For all of its dangers, prison could be deadly boring. Many prisoners tried to find a hobby. “You’re in a cell that’s twelve by eight; you can’t do much in there. You’ve got to think, What am I going to do to keep myself busy? Make myself some money?” Guindon said.
His mother and brother sent him some cash to buy a stash of supplies such as all-purpose cement, a cutting block and assorted dyes. He also stocked up on stamping tools, leather lace, screwdrivers, magic markers, hole punches, edge cutters, a utility knife, rawhide mallets, a book on Indian lore, and patterns for moccasins, purses and wallets. He used these to make clutch purses, wallets and a tan holster, for which he had no gun. He poured his energy into his projects, creating a petit point picture of a fist on a motorcycle throttle, in which the knuckles were a skull, snake, witch and devil. That project took three and a half months, with him sometimes working six hours a day. He made an estimated 88,000 stitches with single strands of thread to complete the image. “Many a time I had to cut the thread,” he said. He also made a plaque with the Serenity Prayer adopted by Alcoholics Anonymous, a group he joined in prison to strengthen his resolve against drinking. The plaque read, “God, grant me the serenity to accept the things I cannot change, courage to change the things I can, and wisdom to know the difference.”
He specialized in leather and copper. He created a series of decorative wallets and plaques of boxers, birds and sad clowns, which had the face of his mother’s boyfriend. His mother liked the clowns, and she hung one on her wall.
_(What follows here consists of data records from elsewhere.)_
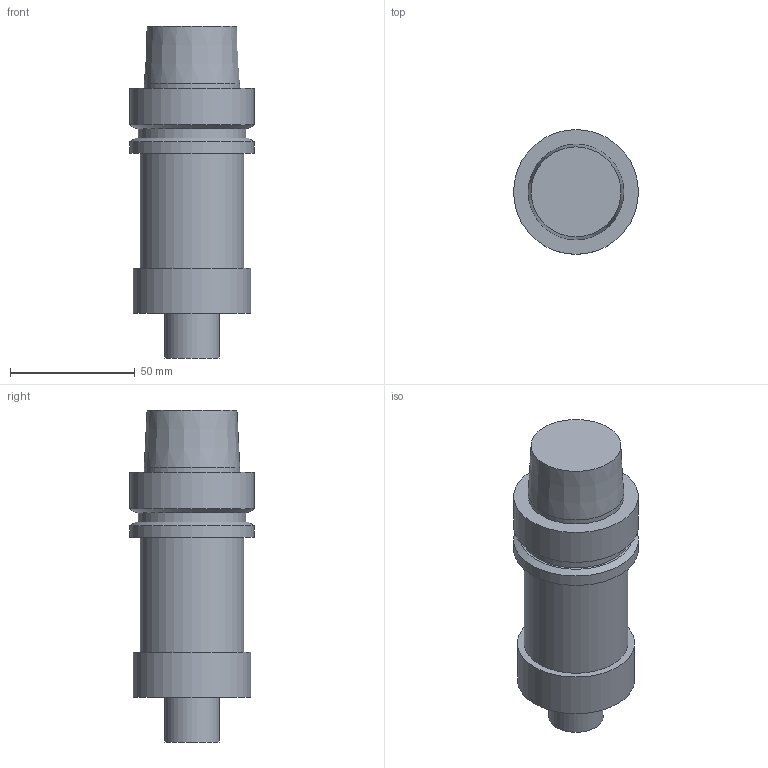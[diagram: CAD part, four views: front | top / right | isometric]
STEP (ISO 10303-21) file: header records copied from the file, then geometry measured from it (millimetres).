
FILE_DESCRIPTION((''),'1');
FILE_NAME('HSK-A50-FMH22-47-90.stp','2013-08-01T00:49:47',(''),(''),'Spatial Interop R18','Kubotek KeyCreator V8.5.1 (14335)',' ');
FILE_SCHEMA(('CONFIG_CONTROL_DESIGN'));
Length unit declared in the file: millimetre
Products named in the file (1): 1
Bounding box: 50 x 50 x 133 mm (x, y, z)
Volume: 176377.1 mm3; surface area: 22058.3 mm2
Topology: 1 solids, 1 shells, 18 faces, 27 edges, 17 vertices
Faces by surface type: plane 8, cylinder 7, cone 3
Full cylindrical faces by diameter (mm): 22 x1, 38.3 x1, 41.6 x1, 43 x1, 47 x1, 50 x2
Entity records: 398 total; most frequent: DIRECTION 72, CARTESIAN_POINT 53, AXIS2_PLACEMENT_3D 36, EDGE_LOOP 34, ORIENTED_EDGE 34, FACE_BOUND 26, ADVANCED_FACE 18, EDGE_CURVE 17

Guindon hadn’t done any artwork before he went to prison, and neither of his parents was particularly artistic. So he was surprised at how the work consumed him, how much pride he felt in his creations, and how closely he guarded his freedom to continue making them. As a serious hobbyist, he was allowed to use glue that was coveted by addicts, and X-Acto knives, which were valued by almost everyone. Guindon guarded his glue and his knives, not wanting to lose his crafting privileges. “That’s what gets you in shit. Guys sell their glue to glue sniffers. I would never loan my knives to anybody. My razors. I had little X-Acto knives. They can do a lot of damage.”
He made a leather picture of a cougar in a tree for Suzanne Blais. She was still married, but her feelings for him hadn’t died. When she received his gift, she cried.